#### EXERCISE DATA:
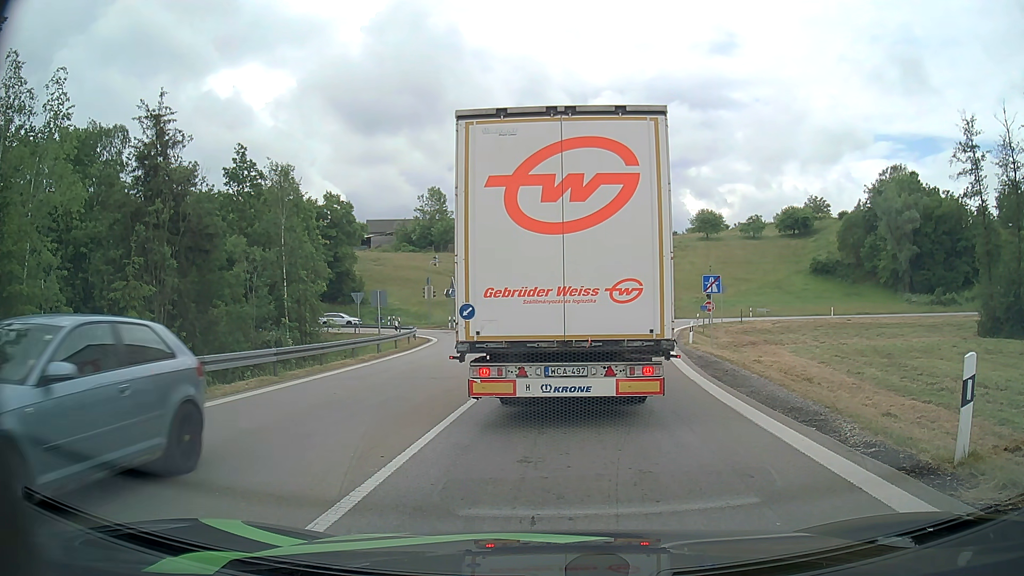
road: motorway_link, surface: asphalt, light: Day
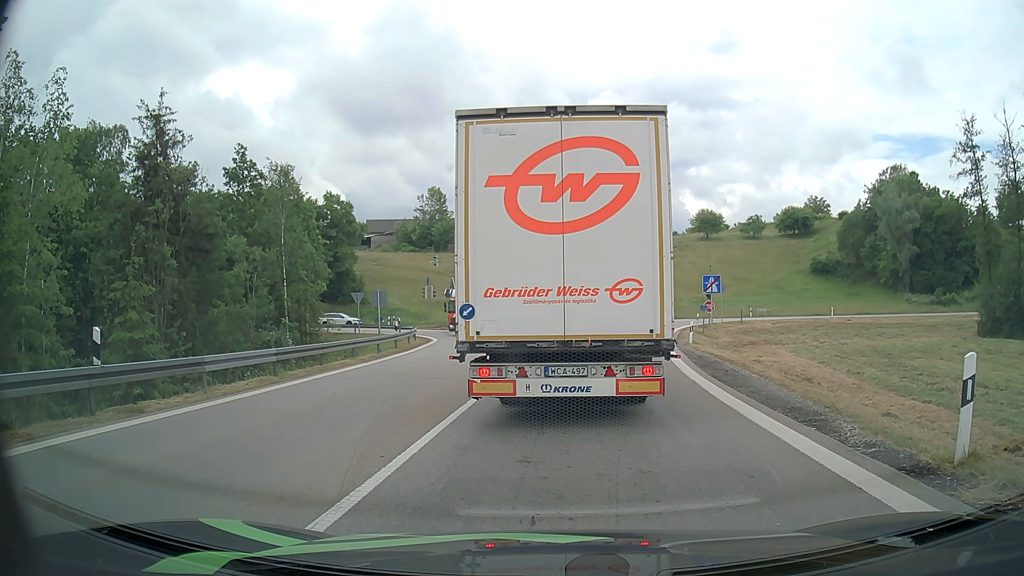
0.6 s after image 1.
(0.0, 0.0) m; 0°
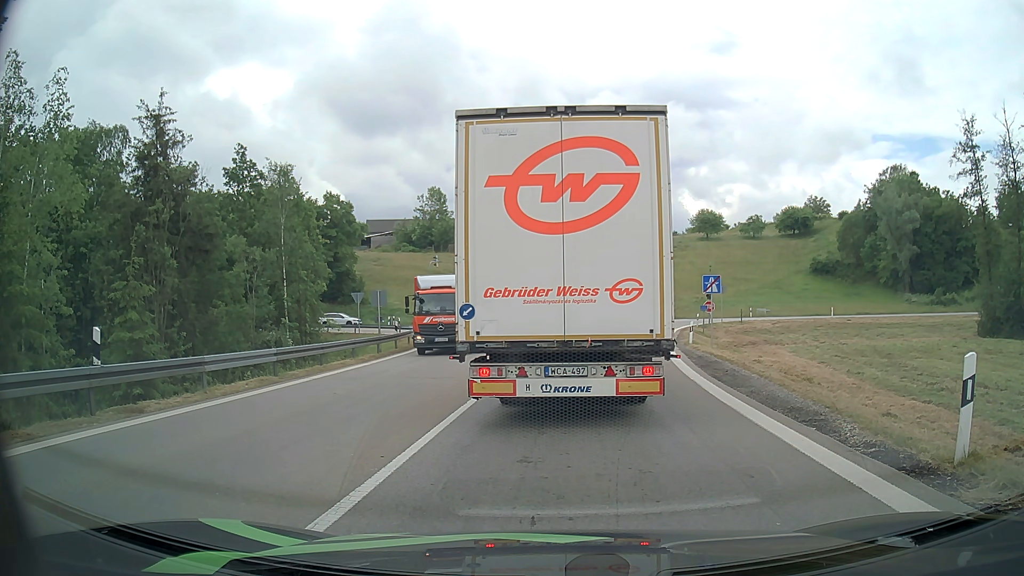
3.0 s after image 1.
(0.0, 0.0) m; 0°
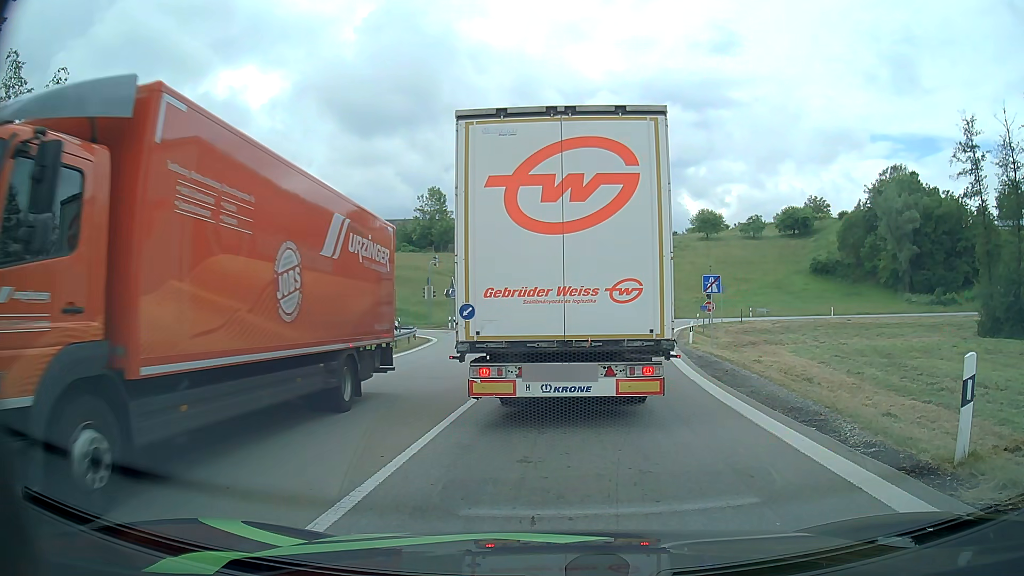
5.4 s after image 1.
(0.0, 0.0) m; 0°
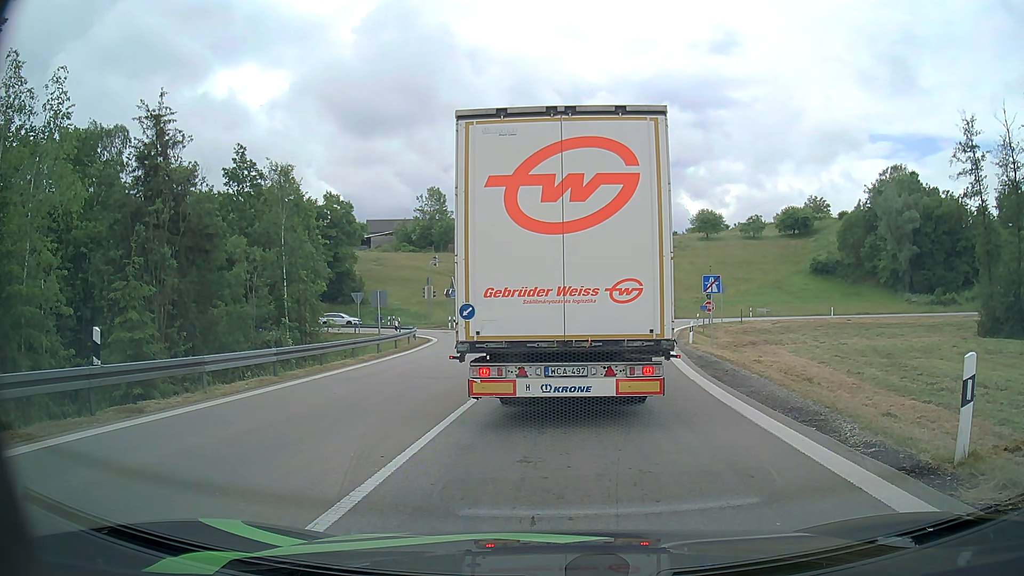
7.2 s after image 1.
(0.0, 0.0) m; 0°
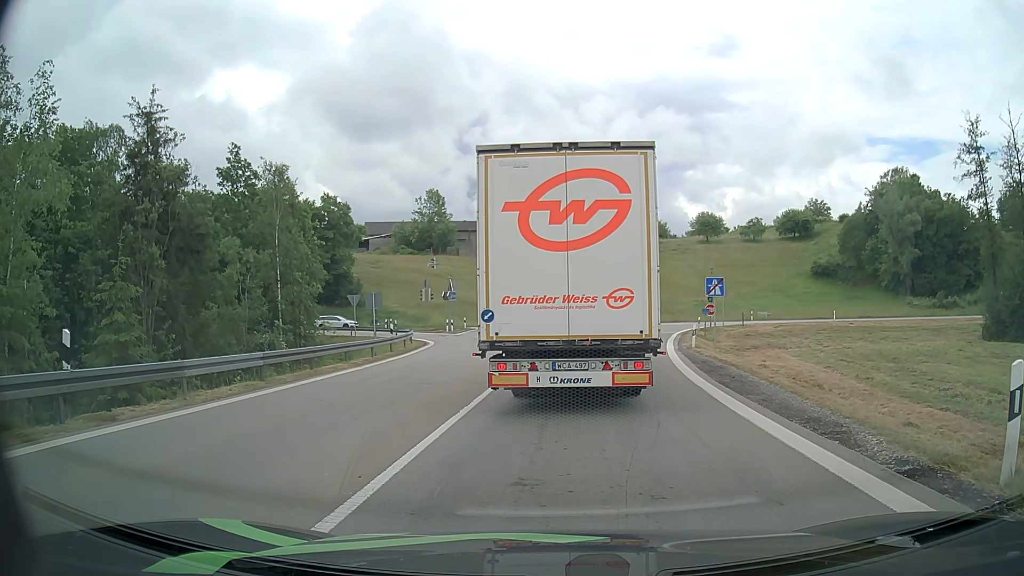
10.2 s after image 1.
(0.0, +0.9) m; +1°
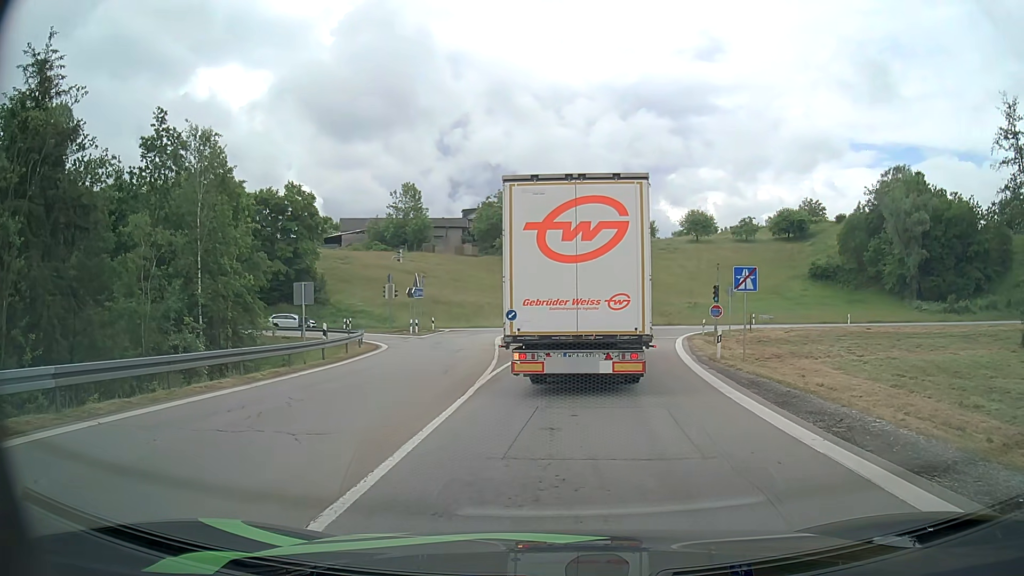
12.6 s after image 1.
(0.0, +7.8) m; +2°
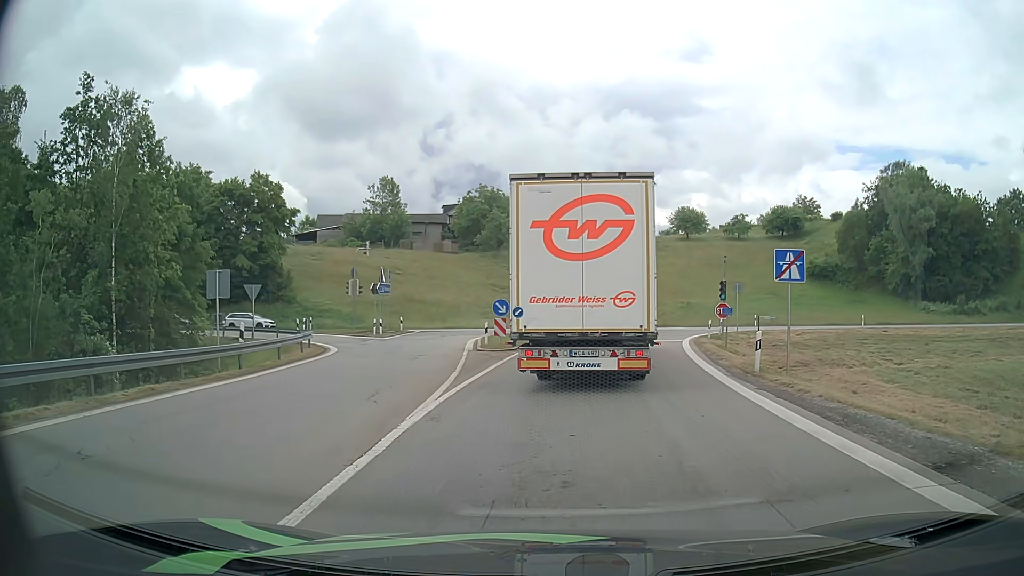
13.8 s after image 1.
(+0.1, +6.0) m; +1°
(0, +10) (+1, +20) (+1, +30) (+2, +40) (-1, +49) (-8, +56) (-18, +59) (-28, +60) (-38, +60) (-48, +61) m

#### EXERCISE INSTRUCTIONS:
Please retype the entries above word for word, but only from the line containing "7.2 s after image 1." through the last line, and without the pictures.

#### RESPONSE FOR THIS EXERCISE:
7.2 s after image 1.
(0.0, 0.0) m; 0°
10.2 s after image 1.
(0.0, +0.9) m; +1°
12.6 s after image 1.
(0.0, +7.8) m; +2°
13.8 s after image 1.
(+0.1, +6.0) m; +1°
(0, +10) (+1, +20) (+1, +30) (+2, +40) (-1, +49) (-8, +56) (-18, +59) (-28, +60) (-38, +60) (-48, +61) m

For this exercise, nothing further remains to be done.